Стена эта напоминала бескрайнюю снежную пустыню, перед которой вдруг остановился человек в растерянности — шагнуть, потеряться в ней крупинкой снега или оборотиться назад на вьюжный ветер и вспомнить, откуда шел, и что там было прожито, и что оставлено, и подумать, что еще можно сделать, как спастись от того и другого.
— Что случилось? — спросила Юлия, заглядывая в прекрасные карие глаза, которые все еще видели пустыню.
— Тиша ушел, — сказала Стелла.
— Надо зареветь, — посоветовала Юлия.
— Не могу.
— Значит, он дерьмо, если по нему нет слез.
— Тебе хорошо, ты мудрая женщина. И для тебя нет ни в чем препятствий. Захотела и обворожила любого мужика. Чем?

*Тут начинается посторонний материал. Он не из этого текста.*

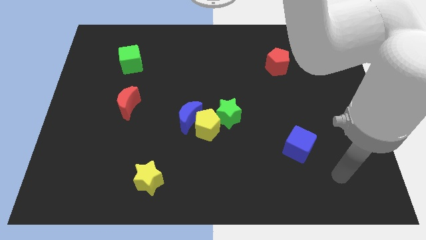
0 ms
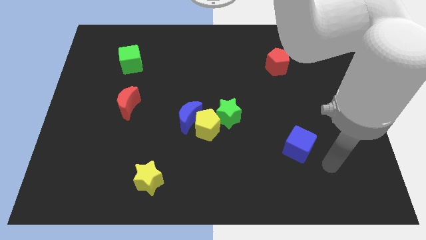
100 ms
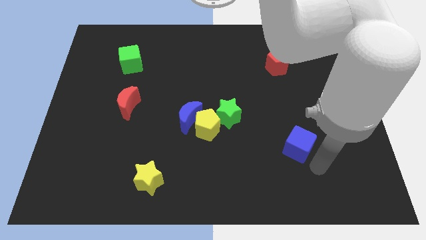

— А я их давлю интеллектом и после раздариваю страждущим, — улыбнулась Юлия и принялась за истории болезни, чтоб описать сегодняшнюю операцию. — Не горюй! Когда уходит мужчина — это не горе. Горе — это одиночество. Горе — это вечное кружение от стены до стены... А можно и увлекаться новыми знакомствами, с кем-то встречаться, может статься и так, что с кем-то будут более чем близкие отношения, но — все не то, все мимо... Может быть, рядом с тобой ежеминутно кто-то будет, но и это будет одиночеством... То есть я хотела сказать, что вдруг оглянешься — и никого нет. А тот, который нужен, где- то тоже один. И у него — тоже маета. И вот нас любят не те, и мы не тех любим... По крайней мере, ты и я, — сказала Юлия и вдруг почувствовала наигранность своего бодрого тона и усталость. — Стелла, зачем он тебе нужен, этот юный опустившийся гений?
— Задай мне вопрос полегче.
— Вся его мазня гроша медного не стоит.